Normalmente até aposto um pouco mais cedo para ter direito a bonificação. Desta vez não tive mesmo possibilidades e até correu bem! Obrigado a todos, o meu objectivo nestes concursos, muito mais que ganhar, é continuar sempre a aprender. Conhecer bem a climatologia do nosso país é importante para um meteorologista no IPMA. E não vou mentir, entrei no IPMA há uns meses atrás, e estou muito contente por ter oportunidade de fazer carreira na meteorologia. Mas juro que nos outros concursos ainda não estava por lá!

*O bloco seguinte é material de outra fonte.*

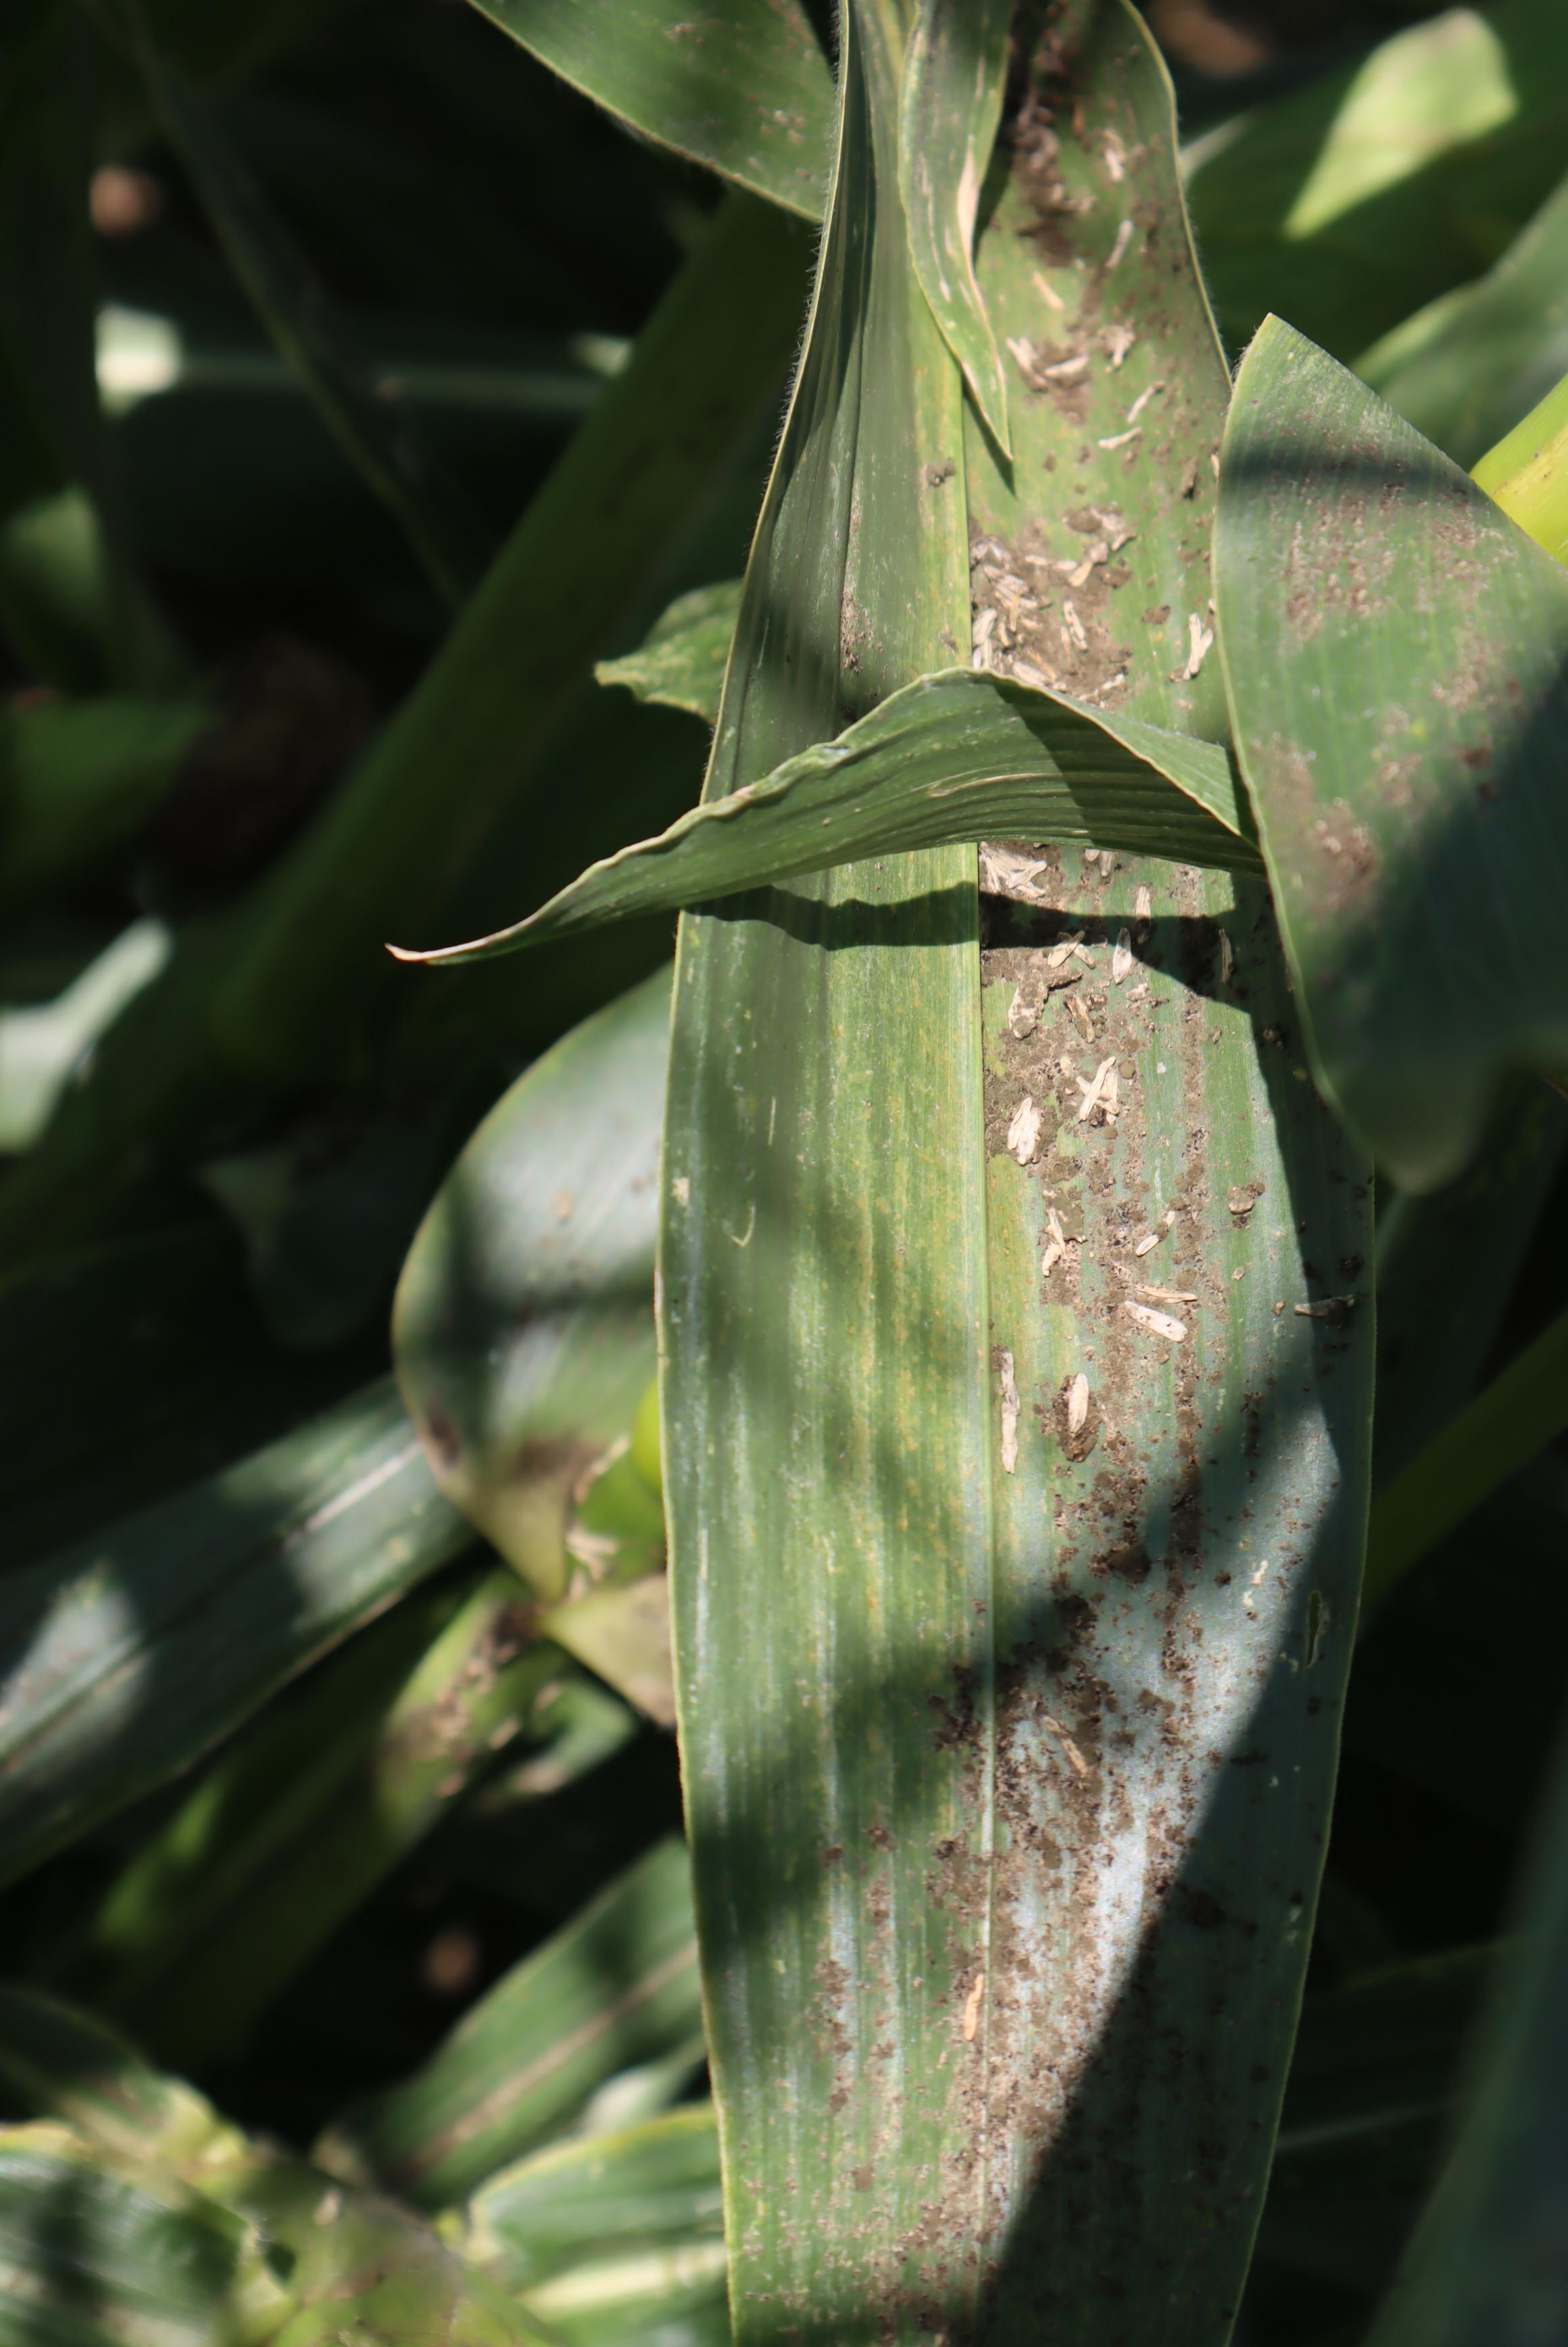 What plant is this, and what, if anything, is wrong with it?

corn, altica, cicadellidae
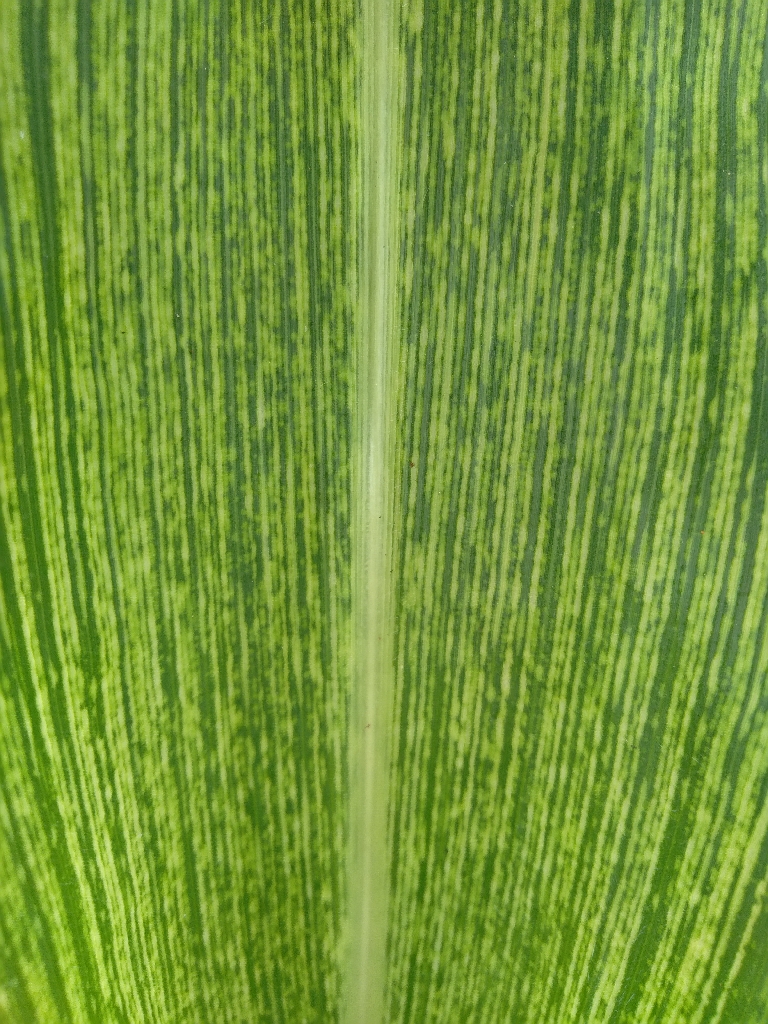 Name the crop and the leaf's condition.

maize, maize streak virus
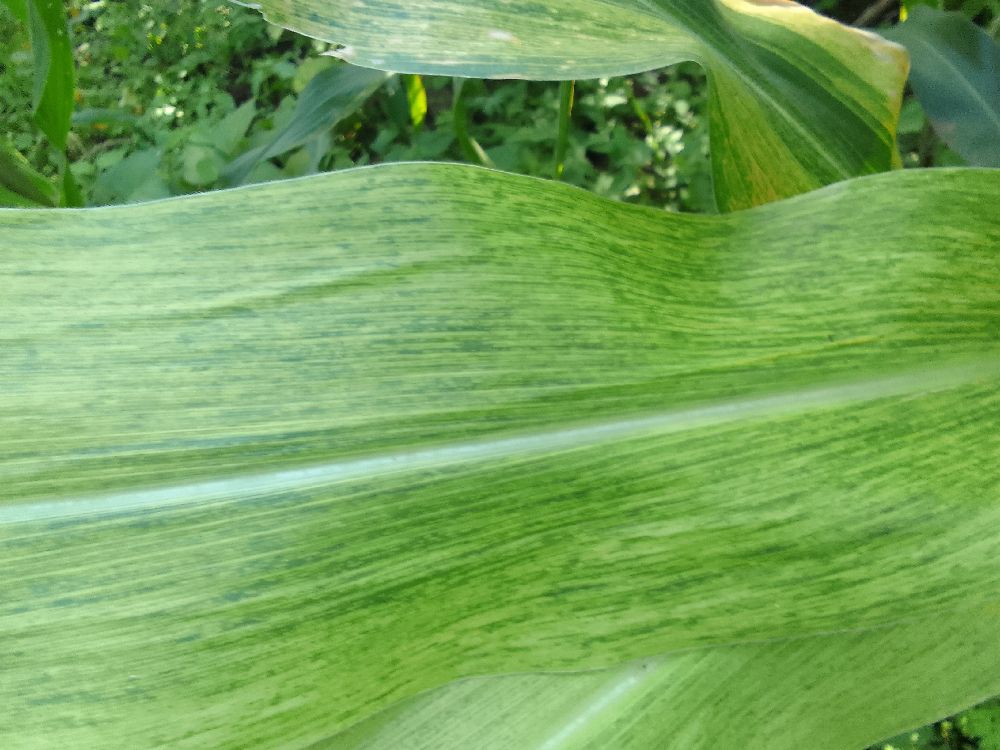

Muito obrigado também a todos os outros membros que participaram e organizadores.


----------



## N_Fig (18 Jul 2021 às 23:48)

Jorge_scp disse:


> Normalmente até aposto um pouco mais cedo para ter direito a bonificação. Desta vez não tive mesmo possibilidades e até correu bem! Obrigado a todos, o meu objectivo nestes concursos, muito mais que ganhar, é continuar sempre a aprender. Conhecer bem a climatologia do nosso país é importante para um meteorologista no IPMA. E não vou mentir, entrei no IPMA há uns meses atrás, e estou muito contente por ter oportunidade de fazer carreira na meteorologia. Mas juro que nos outros concursos ainda não estava por lá!
> 
> Muito obrigado também a todos os outros membros que participaram e organizadores.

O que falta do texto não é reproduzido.